**WORK ITEM**
The pictures do not belong in the copy. Restate all of the records word for word.
------------------------------------------------------------------------
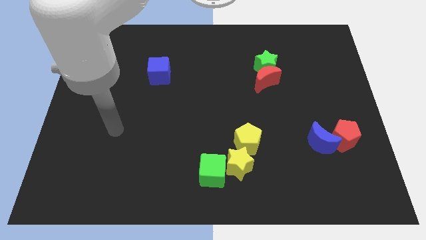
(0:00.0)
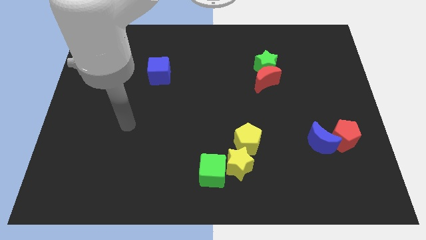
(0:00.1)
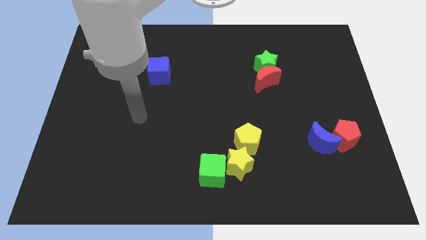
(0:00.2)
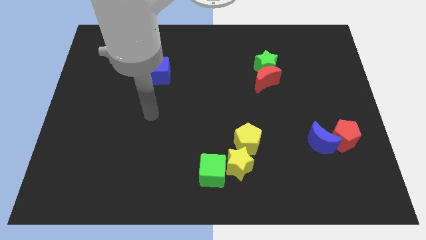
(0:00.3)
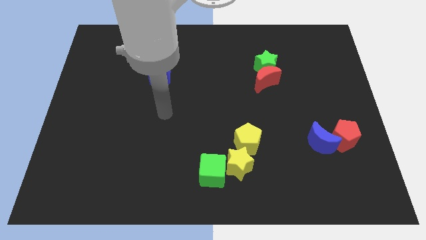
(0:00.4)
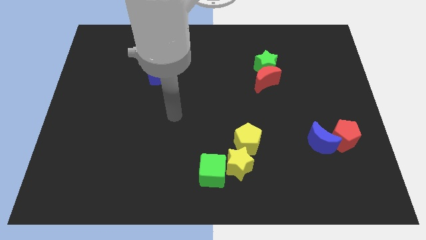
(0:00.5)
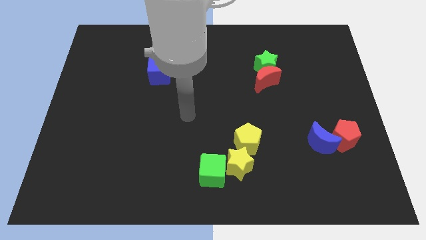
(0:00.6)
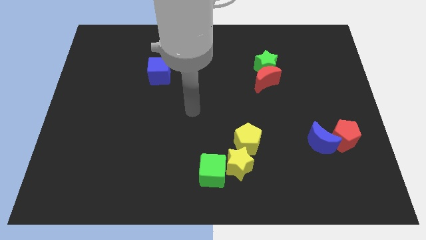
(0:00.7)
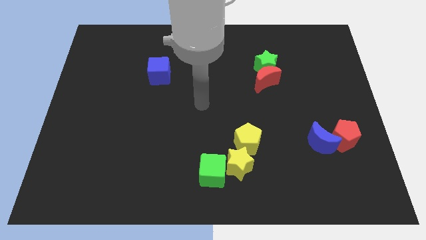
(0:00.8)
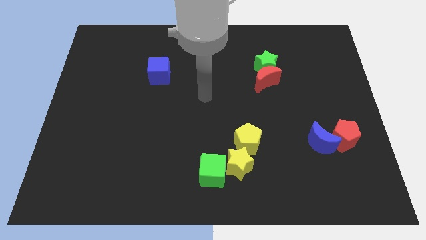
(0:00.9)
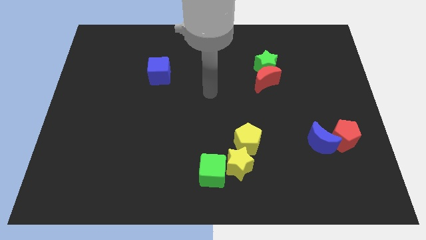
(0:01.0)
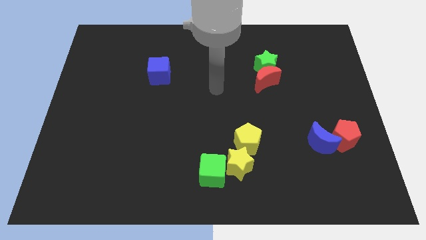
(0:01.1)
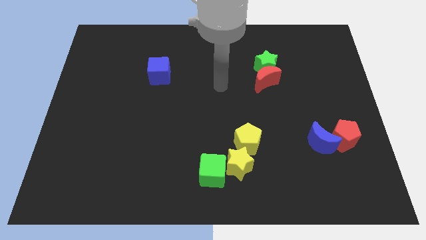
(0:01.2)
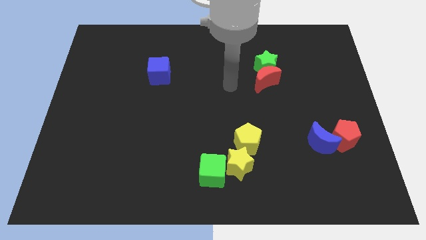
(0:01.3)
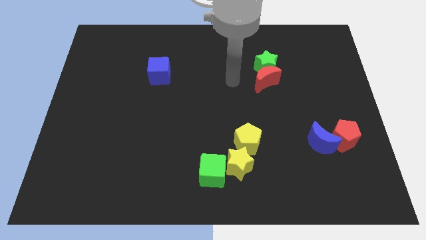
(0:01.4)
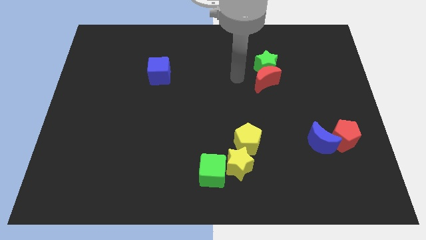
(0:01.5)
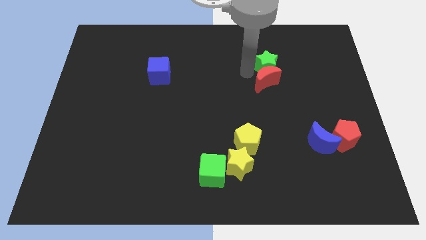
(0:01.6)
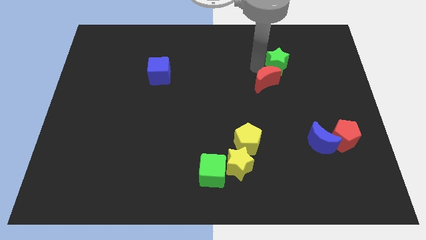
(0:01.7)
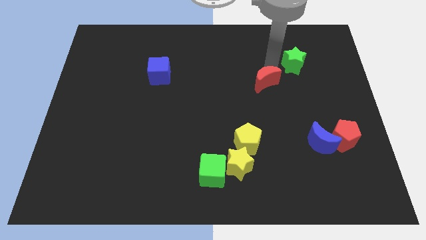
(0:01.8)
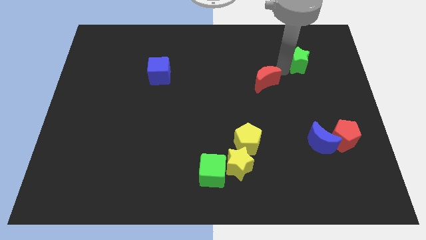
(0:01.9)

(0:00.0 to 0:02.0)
pull the red moon apart from the green star
------------------------------------------------------------------------
**ANSWER BELOW**
(0:00.0)
(0:00.1)
(0:00.2)
(0:00.3)
(0:00.4)
(0:00.5)
(0:00.6)
(0:00.7)
(0:00.8)
(0:00.9)
(0:01.0)
(0:01.1)
(0:01.2)
(0:01.3)
(0:01.4)
(0:01.5)
(0:01.6)
(0:01.7)
(0:01.8)
(0:01.9)

(0:00.0 to 0:02.0)
pull the red moon apart from the green star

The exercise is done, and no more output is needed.